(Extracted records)
::::

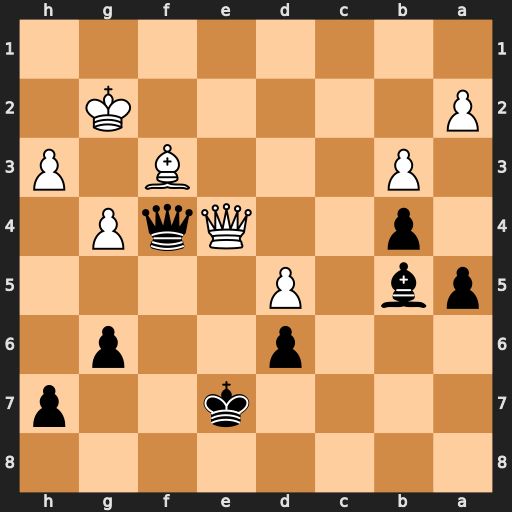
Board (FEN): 8/4k2p/3p2p1/pb1P4/1p2QqP1/1P3B1P/P5K1/8
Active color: b
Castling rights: -
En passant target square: -
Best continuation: Qxe4 Bxe4 Kf6
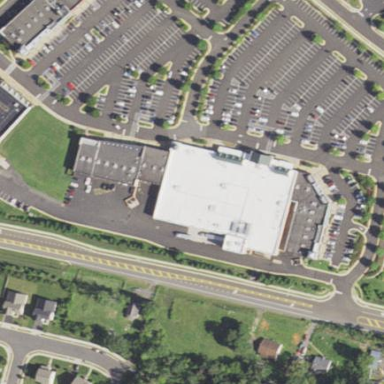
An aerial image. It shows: Retail building housing supermarket.
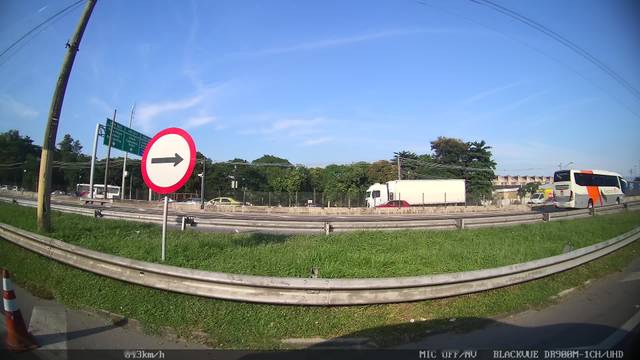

::::

▶ **What is expected**
In the copy you write, the data above must appear exactly, with no pictures.

▶ **Completed task**
Board (FEN): 8/4k2p/3p2p1/pb1P4/1p2QqP1/1P3B1P/P5K1/8
Active color: b
Castling rights: -
En passant target square: -
Best continuation: Qxe4 Bxe4 Kf6
An aerial image. It shows: Retail building housing supermarket.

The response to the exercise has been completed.